Daraufhin erließ die Beklagte am 8. Dezember 2009 einen Bescheid, mit dem sie die Leistungsbewilligung nach dem SGB XII für die Monate April und Mai 2009 insoweit aufhob, als sie die Leistungen auf jeweils monatlich 644,69 EUR beschränkte. Zur Begründung führte sie aus, dass für den Zeitraum des Krankenhausaufenthalts des Klägers der Regelsatz gemäß 48 Abs. 1 Nr. 2 SGB X im April und Mai 2009 zu kürzen sei. Für jeden vollen Kalendermonat, in dem sich ein Hilfeempfänger in einer stationären Einrichtung (zum Beispiel Krankenhaus) befinde, sei der Regelsatz aufgrund der dortigen Versorgung (Ernährung usw.) zu kürzen. Da sich der Kläger in den Monaten April und Mai 2009 in der Klinik befunden habe, könne lediglich ein Regelsatz in Höhe von 177,17 EUR anerkannt werden. Der Kläger sei gemäß § 50 Abs. 1 SGB X verpflichtet, die entstandene Überzahlung in Höhe von 347,66 EUR zurückzuzahlen.
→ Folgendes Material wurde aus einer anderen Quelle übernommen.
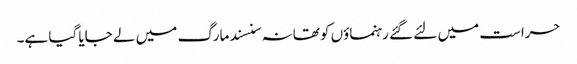
حراست میں لئے گئے رہنماؤں کو تھانہ سنسند مارگ میں لے جایا گیا ہے۔

Gegen den Bescheid legte der Kläger am 29. Dezember 2009 Widerspruch ein. Er trug vor, eine Regelleistungskürzung bei stationärem Aufenthalt sei aufgrund der geänderten ALG II-Verordnung unzulässig. Die ALG II-Verordnung bestimme, dass bereitgestellte Verpflegung außerhalb von Arbeitsverhältnissen nicht als Einkommen berücksichtigt werden dürfe. Im Sinne der Gleichbehandlung der Empfänger von Sozialleistungen sei die Nichtanrechnung von Leistungen bei stationärem Aufenthalt seiner Auffassung nach auch auf die Empfänger von Leistungen nach dem SGB XII analog zu übertragen. Eine Schlechterstellung von Leistungsempfänger nach dem SGB XII halte er für verfassungswidrig.

Mit Widerspruchsbescheid vom 16. März 2010 wies die Regierung von Mittelfranken den Widerspruch zurück. Zur Begründung führte sie im Wesentlichen aus, dass sich die vom Kläger angeführte Verordnung zum Arbeitslosengeld II ausschließlich auf den Rechtskreis von Leistungsempfängern nach dem Zweiten Sozialgesetzbuch (SGB II) richte. Charakteristisch für diese Leistungen sei die pauschalierte Form der Regelsätze, die im SGB II abschließend geregelt sei. Im Gegensatz dazu stehe das SGB XII, in dem die Regelsätze eine individualisierte Ermittlung der Bedarfslage zuließen. Das bedeute, dass sich die Leistungen der Grundsicherung im Alter nach den Besonderheiten des Einzelfalls richten würden und nicht abschließend geregelt seien. Durch § 28 Abs. 1 SGB XII werde eine abweichende Festlegung des Bedarfs ermöglicht. Im Falle des Klägers stelle das während des Krankenhausaufenthalts erhaltene Essen eine einzelne Leistung von dritter Seite dar, wodurch ein abweichender Bedarf begründet werde. Die Anrechnung erfolge generell für volle Monate des Aufenthalts. Daher sei es zu einer Neuberechnung der Monate April und Mai 2009 gekommen. Der Aufnahmemonat und der Entlassungsmonat seien nicht angerechnet worden. Zu Recht habe daher die Beklagte eine Änderung des Bedarfs vorgenommen.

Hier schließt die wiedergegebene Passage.